Better move fast, then.
Just a thought.
Now, if only Illinois could secede from Chicago.
Haha! Right, exactly!
As mentioned in related threads, as consequence of parents not making sure that their children are being taught about the federal government’s constitutionally limited powers, constitutionally-ignorant patriots are unable to stop the lies being told by both the media and the corrupt federal government about the federal government’s so-called wide powers.
Lone Star Republic
too much reliance on big guvment.
Southwest (34%)
has seen the incompetence of big guvment.
The Constitution only provides for the addition of states to the Union. It does not provide for secession. The Supreme Court ruled, in Texas v. White, 74 U.S. 700 (1869) that the Constitution is therefore a contract - binding on all parties unless ALL parties agree to dissolve it - and just as one party cannot unilateral tear up a contract one state cannot unilaterally secede from the union.
DC has already seceeded. Do we go with them or stay in the Republic?
Some folks argue that the 10th Amendment would allow it: "The powers not delegated to the United States by the Constitution, nor prohibited by it to the States, are reserved to the States respectively, or to the people."
But of course no federal bureaucrat or judge would agree.
So the only way to do it democratically would be by a new amendment to the Constitution, one that would allow citizens of a state to vote on the issue.
Good luck getting that one passed.
And it all goes back to this. The US government is strongly for letting folks everywhere else in the world vote on independence. But it ain't happening here. That's ironic, to the point of being hypocritical.
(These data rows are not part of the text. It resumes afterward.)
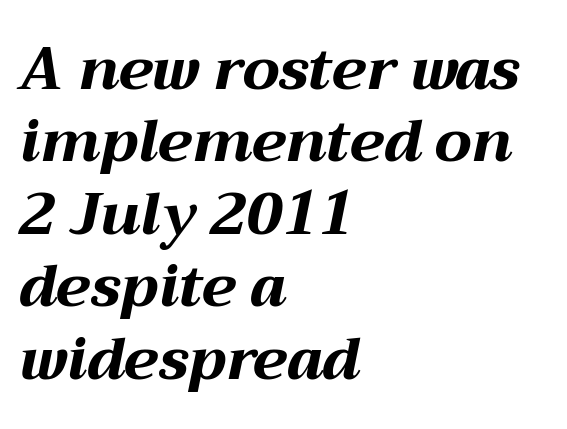
The image shows 58 px bold, wide type, italic (leaning right); set left-aligned, normal line spacing (1.25x), normal letter spacing, not underlined; medium stroke contrast and a medium x-height.
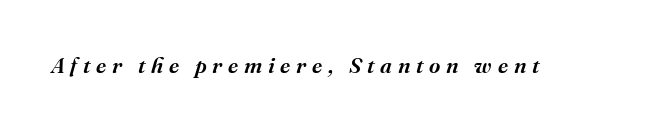
Q: Is the text bold? A: Semi-bold.
Q: Is the text italic (slanted)? A: Yes, it leans right by about 16 degrees.
Q: Is the text underlined? A: No.
Q: Is the spacing between letters normal or unusually wide? A: Unusually wide.
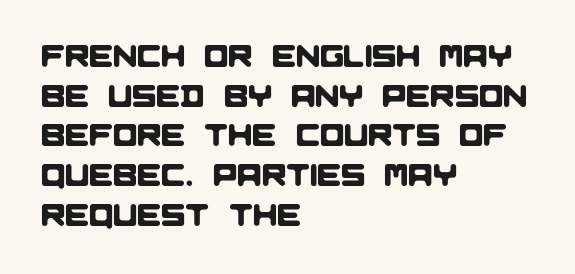
{"serif": "no", "width": "normal", "stroke_contrast": "low", "x_height": "large", "monospaced": "no", "underline": "no", "align": "left", "line_spacing_ratio": 1.24, "letter_spacing": "normal", "letter_spacing_em": 0.0, "glyph_px": 32}
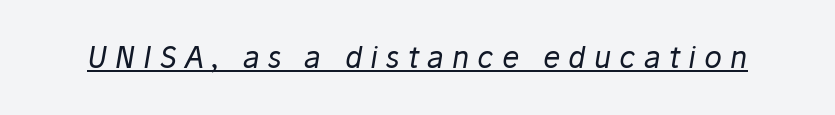
{"italic": "yes", "lean": "right", "slant_degrees": 10, "bold": "no", "weight": "regular", "width": "normal", "stroke_contrast": "low", "x_height": "medium", "monospaced": "no", "underline": "yes", "letter_spacing": "wide", "letter_spacing_em": 0.28, "glyph_px": 29}
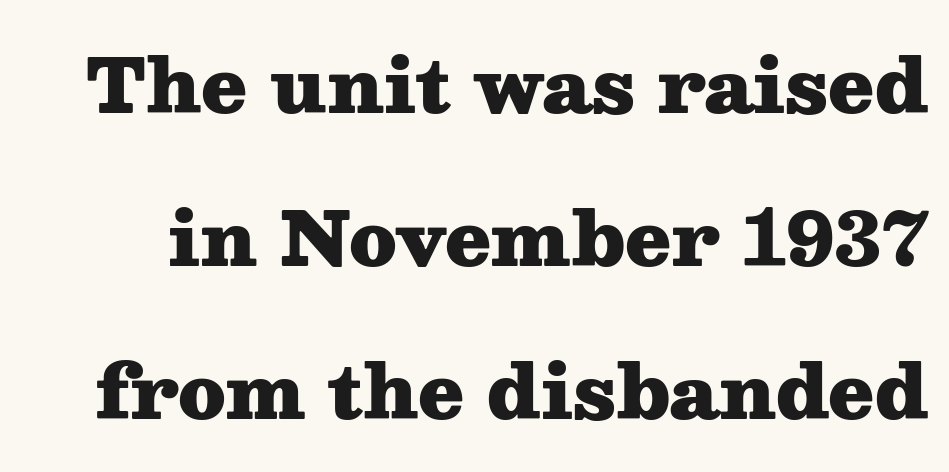
The typesetting leans heavy: a genuine bold. The passage shown is typeset with a serif family. Clear beneath every line of the passage. Posture: vertical. The face used here is proportionally spaced, like ordinary book or web type.
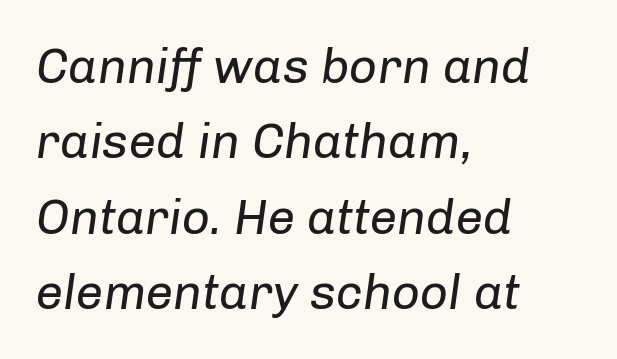
Descender tails drop into unmarked territory. Observe the ordinary spacing: letters are neighbours, not strangers. Leftover space on each line is placed entirely after the last word. The line-height multiplier appears to be the usual default.
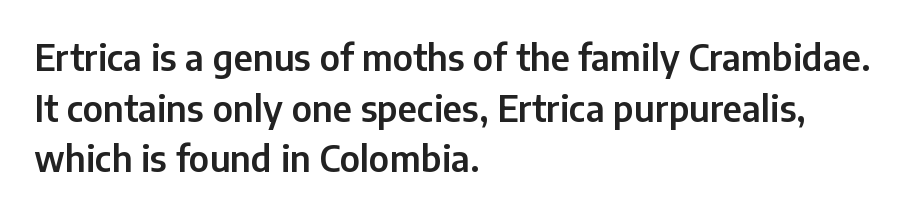
{"serif": "no", "italic": "no", "width": "normal", "stroke_contrast": "low", "x_height": "medium", "monospaced": "no", "underline": "no", "align": "left", "line_spacing": "normal", "line_spacing_ratio": 1.45, "letter_spacing": "normal", "letter_spacing_em": 0.0, "glyph_px": 35}

I disagree. Reasonably sure the South would never have contemplated secession in the first place if it weren't for the peculiar presence of large numbers of black people in the South.
Grammatically, you are of course correct. But you are very politically incorrect! "His" is so sexist!
What are you trying to do, get in a fight with NOW?
Getting rid of the evil of the Federal Government gives 'em a better position to fight the evil of their State Government.